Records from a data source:
[Start of section]

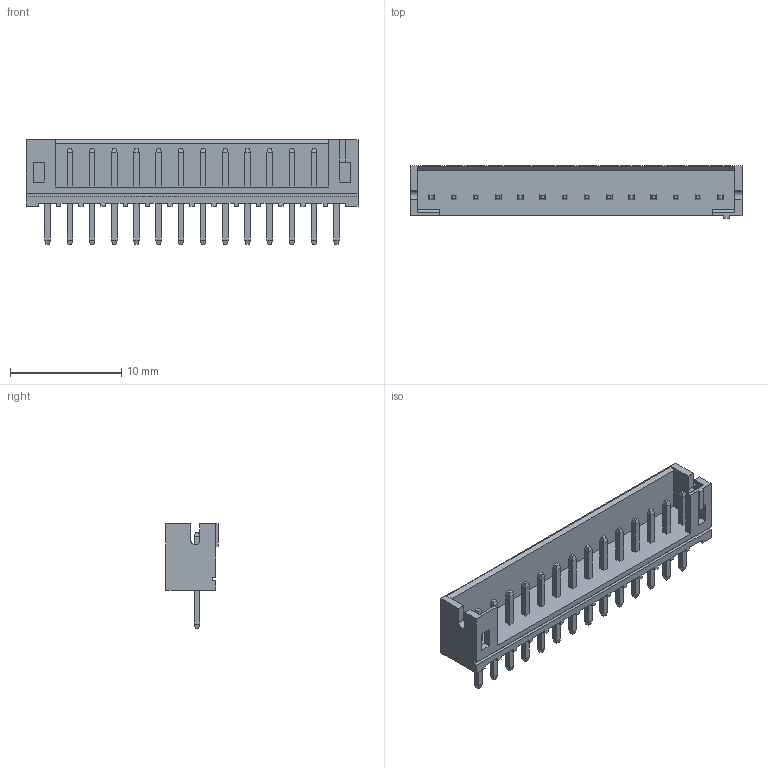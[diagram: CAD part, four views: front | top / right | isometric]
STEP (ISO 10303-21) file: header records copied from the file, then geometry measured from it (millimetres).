
FILE_DESCRIPTION(('STEP AP214'), '1');
FILE_NAME('BxB-PH-K-S', '', ('UNSPECIFIED'), ('UNSPECIFIED'), 'ASCON STEP Converter 1.6', 'ASCON Math Kernel', '');
FILE_SCHEMA(('AUTOMOTIVE_DESIGN { 1 0 10303 214 3 1 1}'));
Length unit declared in the file: millimetre
Bounding box: 29.9 x 4.7 x 9.4 mm (x, y, z)
Volume: 305 mm3; surface area: 978.6 mm2
Topology: 1 solids, 1 shells, 346 faces, 844 edges, 525 vertices
Faces by surface type: plane 344, cylinder 2
Entity records: 12604 total; most frequent: CARTESIAN_POINT 1716, ORIENTED_EDGE 1688, DIRECTION 1542, EDGE_CURVE 844, LINE 840, VECTOR 840, VERTEX_POINT 525, FACE_BOUND 375
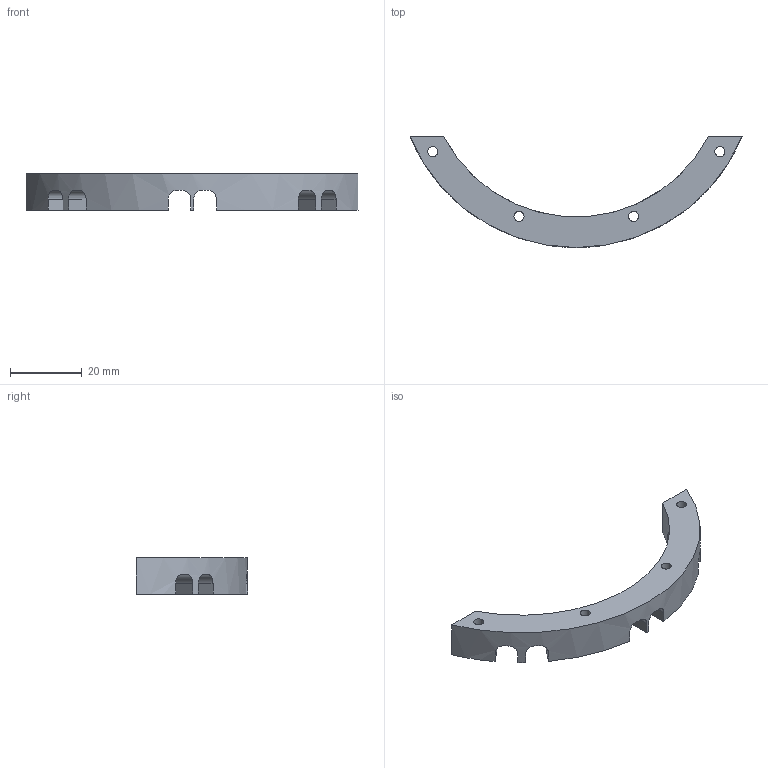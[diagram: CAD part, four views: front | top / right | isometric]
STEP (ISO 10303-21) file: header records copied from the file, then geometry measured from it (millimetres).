
FILE_DESCRIPTION(('FreeCAD Model'),'2;1');
FILE_NAME('Open CASCADE Shape Model','2023-06-29T11:23:43',(''),(''), 'Open CASCADE STEP processor 7.6','FreeCAD','Unknown');
FILE_SCHEMA(('AUTOMOTIVE_DESIGN { 1 0 10303 214 1 1 1 1 }'));
Length unit declared in the file: millimetre
Products named in the file (1): Bridge Body
Bounding box: 92.23 x 30.86 x 10.16 mm (x, y, z)
Volume: 7058.5 mm3; surface area: 4445.9 mm2
Topology: 1 solids, 1 shells, 46 faces, 132 edges, 88 vertices
Faces by surface type: plane 28, cylinder 18
Full cylindrical faces by diameter (mm): 2.794 x4
Entity records: 4858 total; most frequent: CARTESIAN_POINT 2309, DIRECTION 440, ORIENTED_EDGE 264, PCURVE 264, DEFINITIONAL_REPRESENTATION 264, LINE 252, VECTOR 252, EDGE_CURVE 132
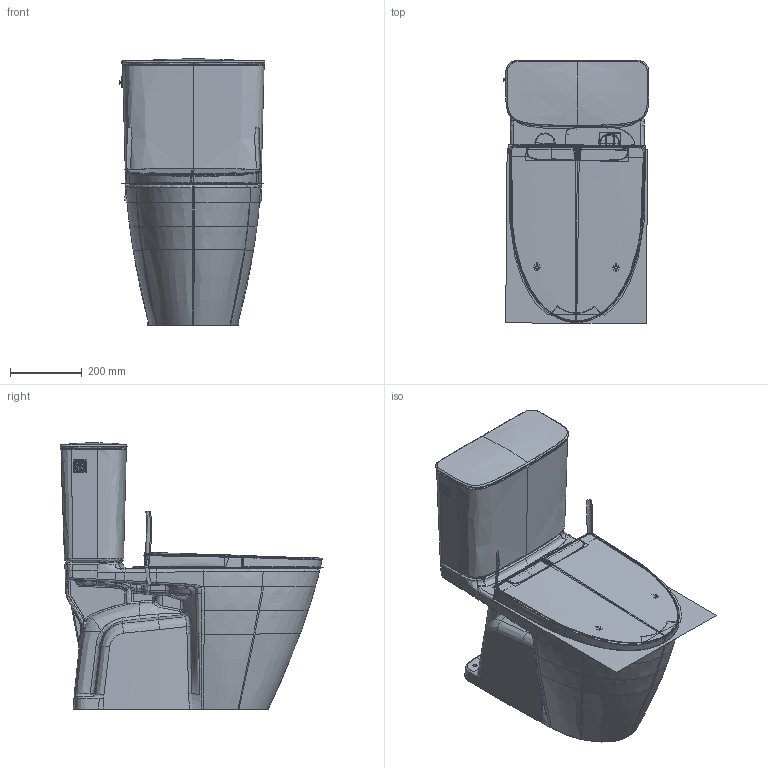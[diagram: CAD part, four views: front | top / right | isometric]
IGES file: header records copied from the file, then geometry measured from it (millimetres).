
Start section:  PTC IGES file: s200cc-touchlees.igs
Global section: file name: s200cc-touchlees.igs; native system: Creo Parametric by PTC Inc.; preprocessor: 2019224; author: 11016076; organization: Unknown; date: 20210615.094401; units: millimetre
Bounding box: 405.69 x 733.31 x 740.43 mm (x, y, z)
Surface area: 3706437 mm2 (no closed solid volume)
Topology: 0 solids, 0 shells, 4186 faces, 45471 edges, 56597 vertices
Faces by surface type: bspline 2517, revolution 1601, extrusion 68
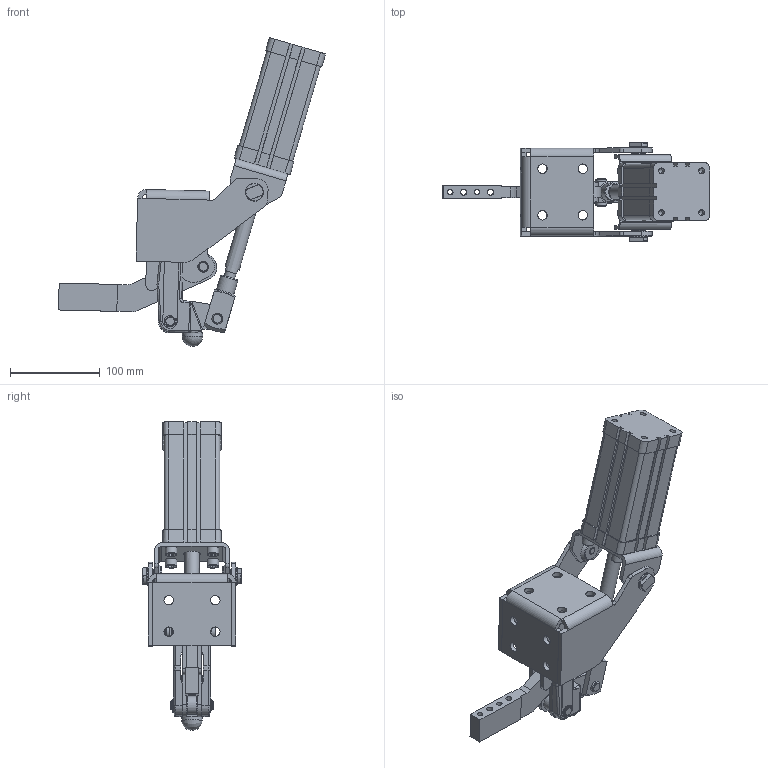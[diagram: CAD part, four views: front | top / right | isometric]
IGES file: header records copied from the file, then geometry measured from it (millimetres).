
Global section: file name: No Iges File Name specified; native system: AutoDesk Inventor R6.1; preprocessor: AutoDesk Inventor Iges Exporter R6.1; author: No Author specified; organization: No Organization specified; date: 20050928.134417; units: millimetre
Bounding box: 297.41 x 110 x 344.1 mm (x, y, z)
Surface area: 222422.4 mm2 (no closed solid volume)
Topology: 0 solids, 0 shells, 2298 faces, 12984 edges, 12787 vertices
Faces by surface type: plane 1628, revolution 593, bspline 77
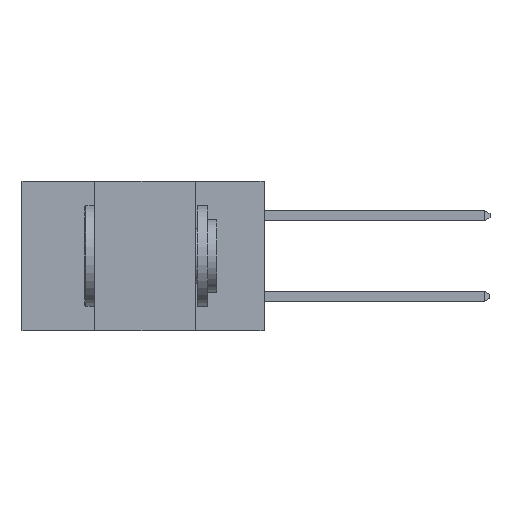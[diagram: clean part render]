
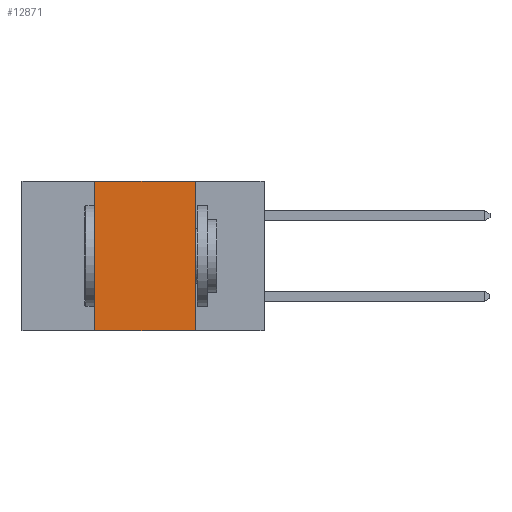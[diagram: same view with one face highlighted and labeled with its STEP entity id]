
A CAD part, left-side view. The second image highlights one B-rep face of the part: STEP entity #12871.
In plain terms, the highlighted planar face has unit normal (-1, 0, 0).
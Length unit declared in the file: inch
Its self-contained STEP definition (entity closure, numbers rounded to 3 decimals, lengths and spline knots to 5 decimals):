
#293 = VERTEX_POINT ( 'NONE', #8982 ) ;
#359 = CARTESIAN_POINT ( 'NONE',  ( 0., 0.42, 0. ) ) ;
#1899 = VERTEX_POINT ( 'NONE', #359 ) ;
#2015 = ORIENTED_EDGE ( 'NONE', *, *, #6636, .F. ) ;
#2344 = ORIENTED_EDGE ( 'NONE', *, *, #6682, .F. ) ;
#3013 = PLANE ( 'NONE',  #4828 ) ;
#3031 = EDGE_CURVE ( 'NONE', #1899, #13276, #11906, .T. ) ;
#3170 = LINE ( 'NONE', #13016, #8519 ) ;
#3506 = LINE ( 'NONE', #11084, #12236 ) ;
#4111 = DIRECTION ( 'NONE',  ( 1., 0., 0. ) ) ;
#4828 = AXIS2_PLACEMENT_3D ( 'NONE', #9371, #4111, #11459 ) ;
#5322 = CARTESIAN_POINT ( 'NONE',  ( 0., 0.6, 0. ) ) ;
#6063 = VECTOR ( 'NONE', #9036, 39.37008 ) ;
#6636 = EDGE_CURVE ( 'NONE', #13276, #293, #7434, .T. ) ;
#6682 = EDGE_CURVE ( 'NONE', #7235, #1899, #3506, .T. ) ;
#6712 = EDGE_CURVE ( 'NONE', #7235, #293, #3170, .T. ) ;
#7035 = CARTESIAN_POINT ( 'NONE',  ( 0., 0.17, 0. ) ) ;
#7235 = VERTEX_POINT ( 'NONE', #12273 ) ;
#7256 = ORIENTED_EDGE ( 'NONE', *, *, #3031, .F. ) ;
#7434 = LINE ( 'NONE', #10031, #10488 ) ;
#8031 = ORIENTED_EDGE ( 'NONE', *, *, #6712, .T. ) ;
#8519 = VECTOR ( 'NONE', #12883, 39.37008 ) ;
#8982 = CARTESIAN_POINT ( 'NONE',  ( 0., 0.17, -0.37 ) ) ;
#9036 = DIRECTION ( 'NONE',  ( 0., -1., 0. ) ) ;
#9088 = EDGE_LOOP ( 'NONE', ( #2015, #7256, #2344, #8031 ) ) ;
#9371 = CARTESIAN_POINT ( 'NONE',  ( 0., 0.6, 0. ) ) ;
#10031 = CARTESIAN_POINT ( 'NONE',  ( 0., 0.17, 0. ) ) ;
#10147 = DIRECTION ( 'NONE',  ( 0., 0., -1. ) ) ;
#10488 = VECTOR ( 'NONE', #10147, 39.37008 ) ;
#11017 = DIRECTION ( 'NONE',  ( 0., 0., 1. ) ) ;
#11084 = CARTESIAN_POINT ( 'NONE',  ( 0., 0.42, 0. ) ) ;
#11101 = FACE_OUTER_BOUND ( 'NONE', #9088, .T. ) ;
#11459 = DIRECTION ( 'NONE',  ( 0., 0., -1. ) ) ;
#11906 = LINE ( 'NONE', #5322, #6063 ) ;
#12236 = VECTOR ( 'NONE', #11017, 39.37008 ) ;
#12273 = CARTESIAN_POINT ( 'NONE',  ( 0., 0.42, -0.37 ) ) ;
#12871 = ADVANCED_FACE ( 'NONE', ( #11101 ), #3013, .F. ) ;
#12883 = DIRECTION ( 'NONE',  ( 0., -1., 0. ) ) ;
#13016 = CARTESIAN_POINT ( 'NONE',  ( 0., 0.6, -0.37 ) ) ;
#13276 = VERTEX_POINT ( 'NONE', #7035 ) ;

[End of section]

Task objective - What you return should be the entries from above, unchanged and without their images.

Task solution -
[diagram: CAD part, four views: front | top / right | isometric]
STEP (ISO 10303-21) file: header records copied from the file, then geometry measured from it (millimetres).
FILE_DESCRIPTION(('STEP AP214'), '1');
FILE_NAME('BxB-PH-K-S', '', ('UNSPECIFIED'), ('UNSPECIFIED'), 'ASCON STEP Converter 1.6', 'ASCON Math Kernel', '');
FILE_SCHEMA(('AUTOMOTIVE_DESIGN { 1 0 10303 214 3 1 1}'));
Length unit declared in the file: millimetre
Bounding box: 29.9 x 4.7 x 9.4 mm (x, y, z)
Volume: 305 mm3; surface area: 978.6 mm2
Topology: 1 solids, 1 shells, 346 faces, 844 edges, 525 vertices
Faces by surface type: plane 344, cylinder 2
Entity records: 12604 total; most frequent: CARTESIAN_POINT 1716, ORIENTED_EDGE 1688, DIRECTION 1542, EDGE_CURVE 844, LINE 840, VECTOR 840, VERTEX_POINT 525, FACE_BOUND 375
[diagram: CAD part, four views: front | top / right | isometric]
STEP (ISO 10303-21) file: header records copied from the file, then geometry measured from it (millimetres).
FILE_DESCRIPTION(('FreeCAD Model'),'2;1');
FILE_NAME('Open CASCADE Shape Model','2023-06-29T11:23:43',(''),(''), 'Open CASCADE STEP processor 7.6','FreeCAD','Unknown');
FILE_SCHEMA(('AUTOMOTIVE_DESIGN { 1 0 10303 214 1 1 1 1 }'));
Length unit declared in the file: millimetre
Products named in the file (1): Bridge Body
Bounding box: 92.23 x 30.86 x 10.16 mm (x, y, z)
Volume: 7058.5 mm3; surface area: 4445.9 mm2
Topology: 1 solids, 1 shells, 46 faces, 132 edges, 88 vertices
Faces by surface type: plane 28, cylinder 18
Full cylindrical faces by diameter (mm): 2.794 x4
Entity records: 4858 total; most frequent: CARTESIAN_POINT 2309, DIRECTION 440, ORIENTED_EDGE 264, PCURVE 264, DEFINITIONAL_REPRESENTATION 264, LINE 252, VECTOR 252, EDGE_CURVE 132
[diagram: CAD part, four views: front | top / right | isometric]
IGES file: header records copied from the file, then geometry measured from it (millimetres).
Start section:  PTC IGES file: s200cc-touchlees.igs
Global section: file name: s200cc-touchlees.igs; native system: Creo Parametric by PTC Inc.; preprocessor: 2019224; author: 11016076; organization: Unknown; date: 20210615.094401; units: millimetre
Bounding box: 405.69 x 733.31 x 740.43 mm (x, y, z)
Surface area: 3706437 mm2 (no closed solid volume)
Topology: 0 solids, 0 shells, 4186 faces, 45471 edges, 56597 vertices
Faces by surface type: bspline 2517, revolution 1601, extrusion 68
[diagram: CAD part, four views: front | top / right | isometric]
IGES file: header records copied from the file, then geometry measured from it (millimetres).
Global section: file name: No Iges File Name specified; native system: AutoDesk Inventor R6.1; preprocessor: AutoDesk Inventor Iges Exporter R6.1; author: No Author specified; organization: No Organization specified; date: 20050928.134417; units: millimetre
Bounding box: 297.41 x 110 x 344.1 mm (x, y, z)
Surface area: 222422.4 mm2 (no closed solid volume)
Topology: 0 solids, 0 shells, 2298 faces, 12984 edges, 12787 vertices
Faces by surface type: plane 1628, revolution 593, bspline 77
[diagram: clean part render]
[diagram: same view with one face highlighted and labeled with its STEP entity id]
A CAD part, left-side view. The second image highlights one B-rep face of the part: STEP entity #12871.
In plain terms, the highlighted planar face has unit normal (-1, 0, 0).
Length unit declared in the file: inch
Its self-contained STEP definition (entity closure, numbers rounded to 3 decimals, lengths and spline knots to 5 decimals):
#293 = VERTEX_POINT ( 'NONE', #8982 ) ;
#359 = CARTESIAN_POINT ( 'NONE',  ( 0., 0.42, 0. ) ) ;
#1899 = VERTEX_POINT ( 'NONE', #359 ) ;
#2015 = ORIENTED_EDGE ( 'NONE', *, *, #6636, .F. ) ;
#2344 = ORIENTED_EDGE ( 'NONE', *, *, #6682, .F. ) ;
#3013 = PLANE ( 'NONE',  #4828 ) ;
#3031 = EDGE_CURVE ( 'NONE', #1899, #13276, #11906, .T. ) ;
#3170 = LINE ( 'NONE', #13016, #8519 ) ;
#3506 = LINE ( 'NONE', #11084, #12236 ) ;
#4111 = DIRECTION ( 'NONE',  ( 1., 0., 0. ) ) ;
#4828 = AXIS2_PLACEMENT_3D ( 'NONE', #9371, #4111, #11459 ) ;
#5322 = CARTESIAN_POINT ( 'NONE',  ( 0., 0.6, 0. ) ) ;
#6063 = VECTOR ( 'NONE', #9036, 39.37008 ) ;
#6636 = EDGE_CURVE ( 'NONE', #13276, #293, #7434, .T. ) ;
#6682 = EDGE_CURVE ( 'NONE', #7235, #1899, #3506, .T. ) ;
#6712 = EDGE_CURVE ( 'NONE', #7235, #293, #3170, .T. ) ;
#7035 = CARTESIAN_POINT ( 'NONE',  ( 0., 0.17, 0. ) ) ;
#7235 = VERTEX_POINT ( 'NONE', #12273 ) ;
#7256 = ORIENTED_EDGE ( 'NONE', *, *, #3031, .F. ) ;
#7434 = LINE ( 'NONE', #10031, #10488 ) ;
#8031 = ORIENTED_EDGE ( 'NONE', *, *, #6712, .T. ) ;
#8519 = VECTOR ( 'NONE', #12883, 39.37008 ) ;
#8982 = CARTESIAN_POINT ( 'NONE',  ( 0., 0.17, -0.37 ) ) ;
#9036 = DIRECTION ( 'NONE',  ( 0., -1., 0. ) ) ;
#9088 = EDGE_LOOP ( 'NONE', ( #2015, #7256, #2344, #8031 ) ) ;
#9371 = CARTESIAN_POINT ( 'NONE',  ( 0., 0.6, 0. ) ) ;
#10031 = CARTESIAN_POINT ( 'NONE',  ( 0., 0.17, 0. ) ) ;
#10147 = DIRECTION ( 'NONE',  ( 0., 0., -1. ) ) ;
#10488 = VECTOR ( 'NONE', #10147, 39.37008 ) ;
#11017 = DIRECTION ( 'NONE',  ( 0., 0., 1. ) ) ;
#11084 = CARTESIAN_POINT ( 'NONE',  ( 0., 0.42, 0. ) ) ;
#11101 = FACE_OUTER_BOUND ( 'NONE', #9088, .T. ) ;
#11459 = DIRECTION ( 'NONE',  ( 0., 0., -1. ) ) ;
#11906 = LINE ( 'NONE', #5322, #6063 ) ;
#12236 = VECTOR ( 'NONE', #11017, 39.37008 ) ;
#12273 = CARTESIAN_POINT ( 'NONE',  ( 0., 0.42, -0.37 ) ) ;
#12871 = ADVANCED_FACE ( 'NONE', ( #11101 ), #3013, .F. ) ;
#12883 = DIRECTION ( 'NONE',  ( 0., -1., 0. ) ) ;
#13016 = CARTESIAN_POINT ( 'NONE',  ( 0., 0.6, -0.37 ) ) ;
#13276 = VERTEX_POINT ( 'NONE', #7035 ) ;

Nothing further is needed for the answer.